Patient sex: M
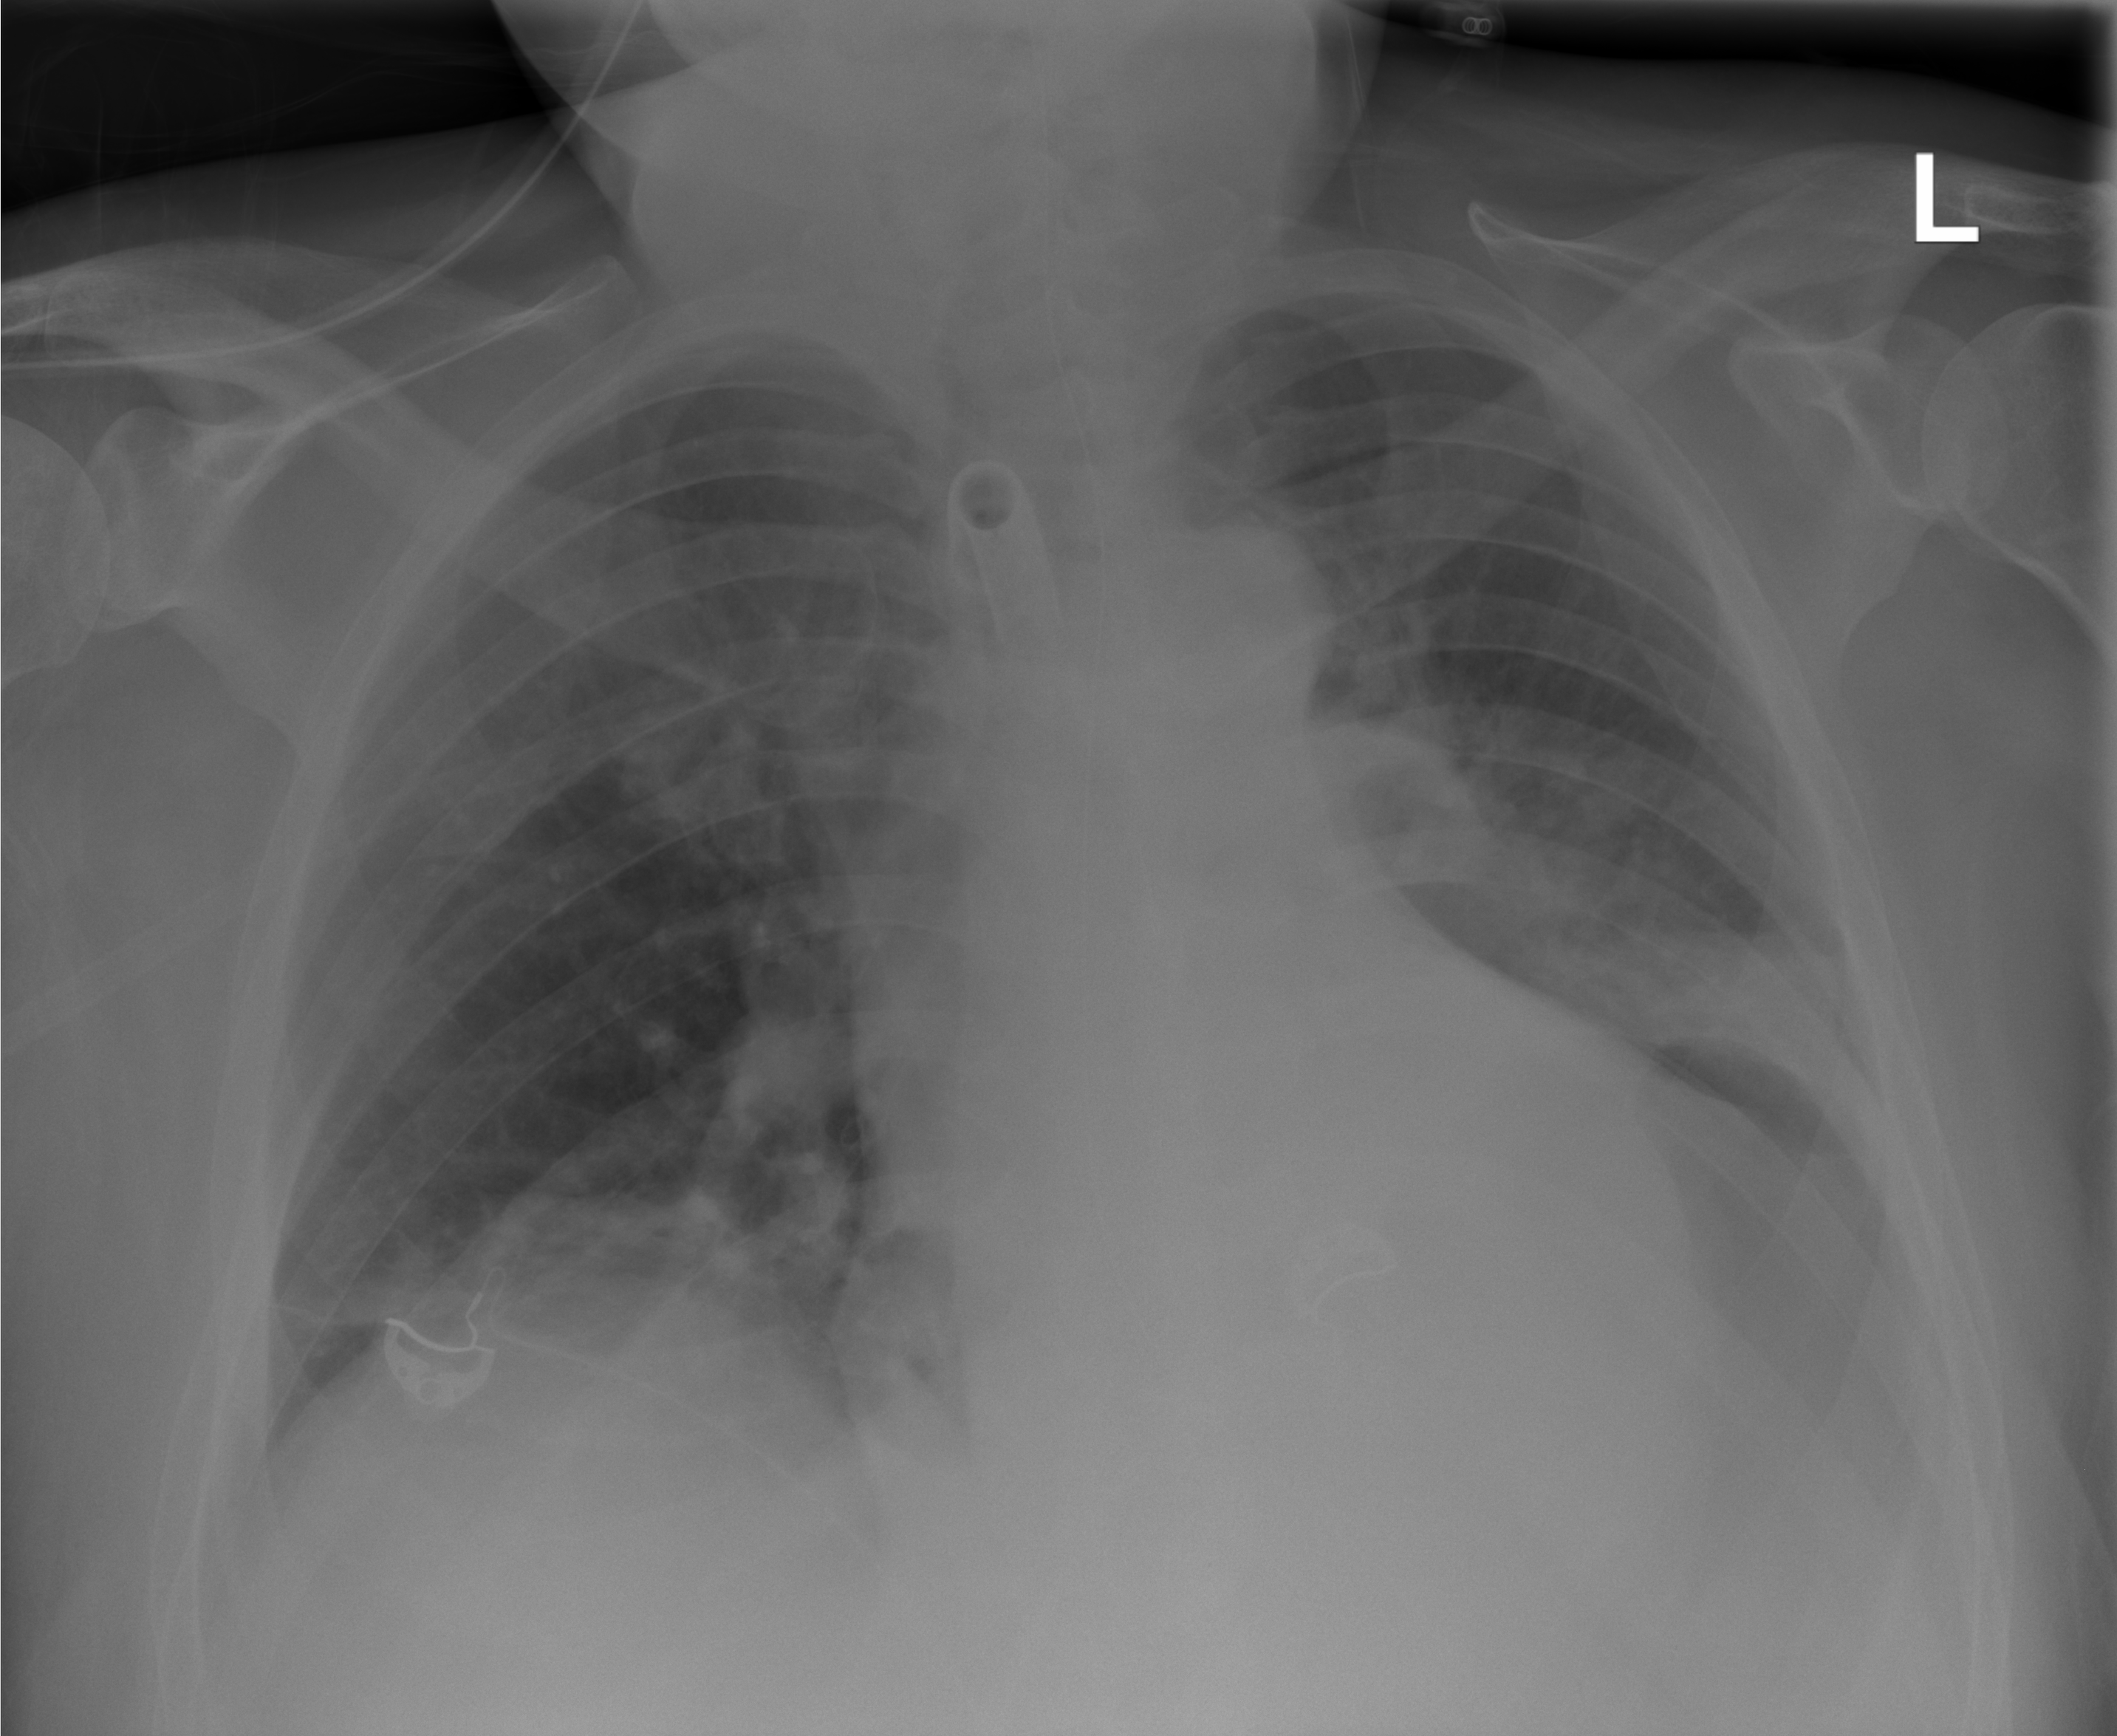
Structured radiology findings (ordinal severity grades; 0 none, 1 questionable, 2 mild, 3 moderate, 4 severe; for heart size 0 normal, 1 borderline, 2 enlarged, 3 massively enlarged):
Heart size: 1
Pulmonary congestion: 1
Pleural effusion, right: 0
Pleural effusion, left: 0
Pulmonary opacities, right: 0
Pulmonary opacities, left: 0
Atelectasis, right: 2
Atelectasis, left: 2
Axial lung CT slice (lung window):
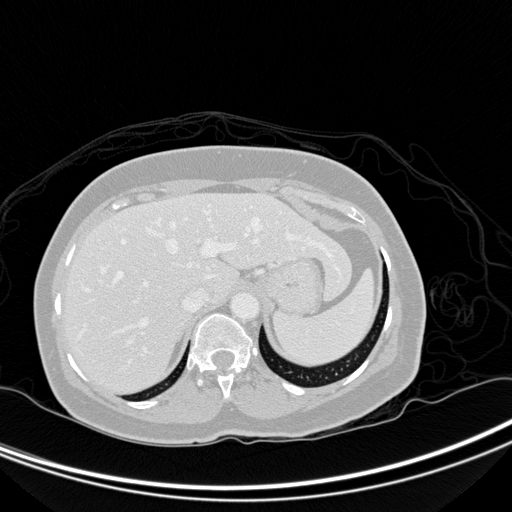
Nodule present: no
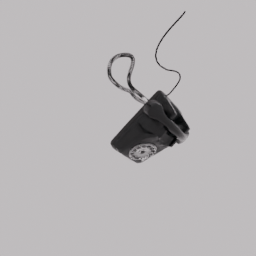
Label: electronics
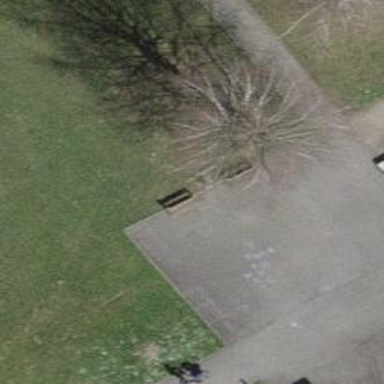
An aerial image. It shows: Bench.

• [EXERCISE]: Check each line of the data for "Pleural". Copy the lines where it turns up.

• [EXERCISE ANSWER]:
Pleural effusion, right: 0
Pleural effusion, left: 0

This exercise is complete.